Items listed in a dataset:
■ ■ ■ ■

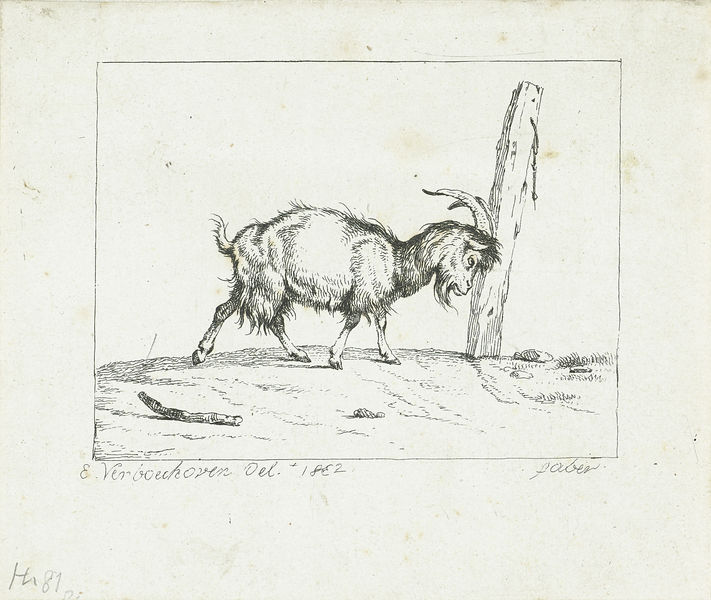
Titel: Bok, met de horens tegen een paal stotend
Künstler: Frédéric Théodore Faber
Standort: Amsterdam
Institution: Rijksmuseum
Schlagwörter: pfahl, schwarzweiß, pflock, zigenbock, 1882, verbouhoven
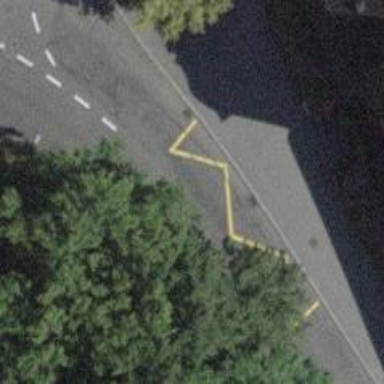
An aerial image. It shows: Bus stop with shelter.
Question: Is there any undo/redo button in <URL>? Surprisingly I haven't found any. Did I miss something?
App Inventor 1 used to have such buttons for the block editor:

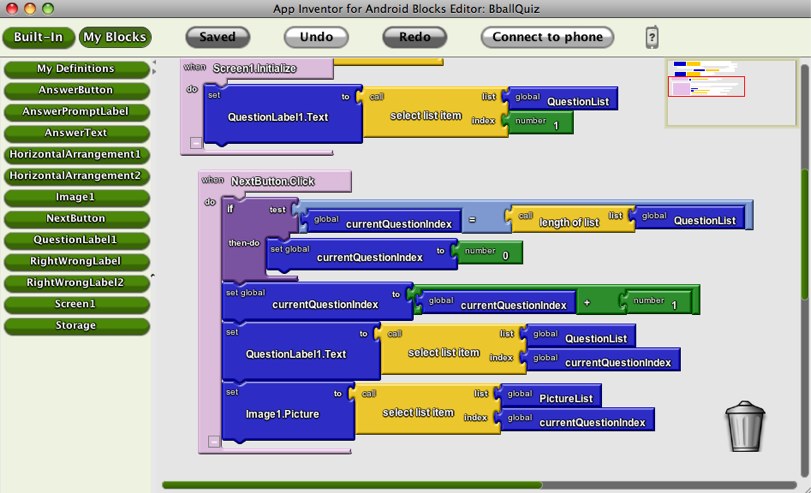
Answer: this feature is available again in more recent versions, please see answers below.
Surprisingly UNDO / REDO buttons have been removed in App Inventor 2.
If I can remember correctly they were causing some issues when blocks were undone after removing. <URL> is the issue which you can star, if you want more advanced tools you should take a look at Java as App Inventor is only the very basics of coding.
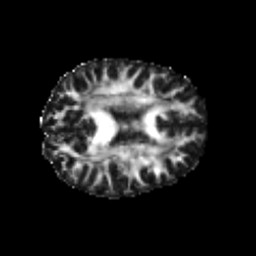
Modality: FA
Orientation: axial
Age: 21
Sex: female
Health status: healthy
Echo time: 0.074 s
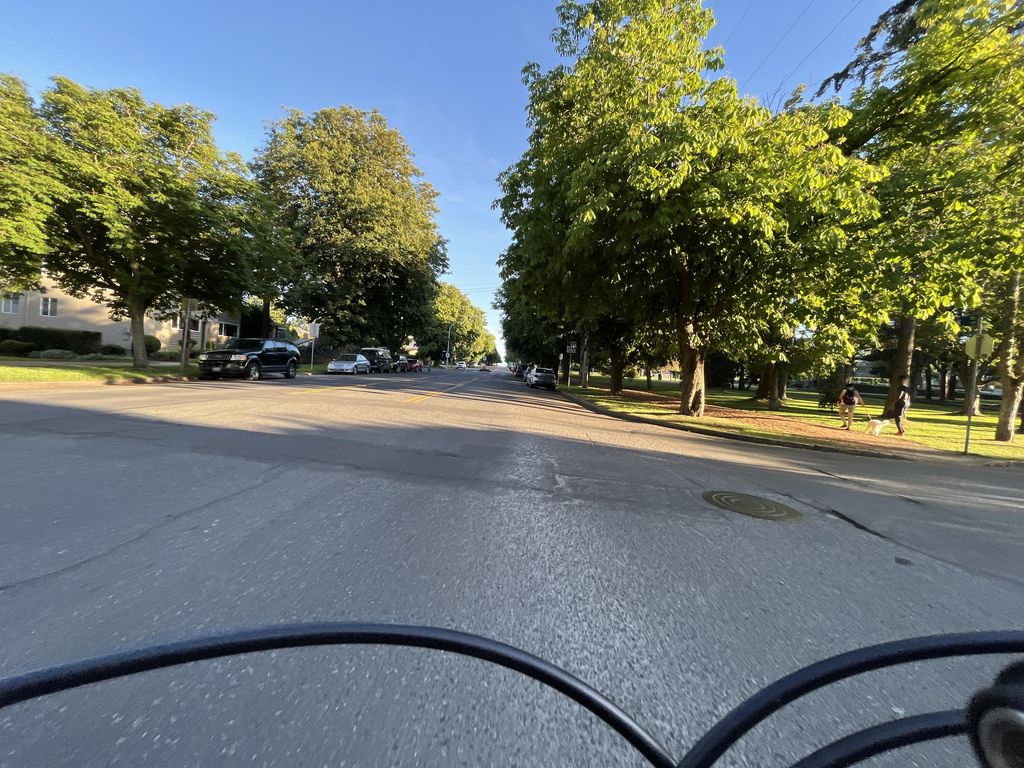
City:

■ ■ ■ ■

◆ What to work on:
Only the lines from the one that contains "Modality: FA" to the end of the records, inclusive, are to be quoted exactly, with pictures excluded.

◆ Reply:
Modality: FA
Orientation: axial
Age: 21
Sex: female
Health status: healthy
Echo time: 0.074 s
City:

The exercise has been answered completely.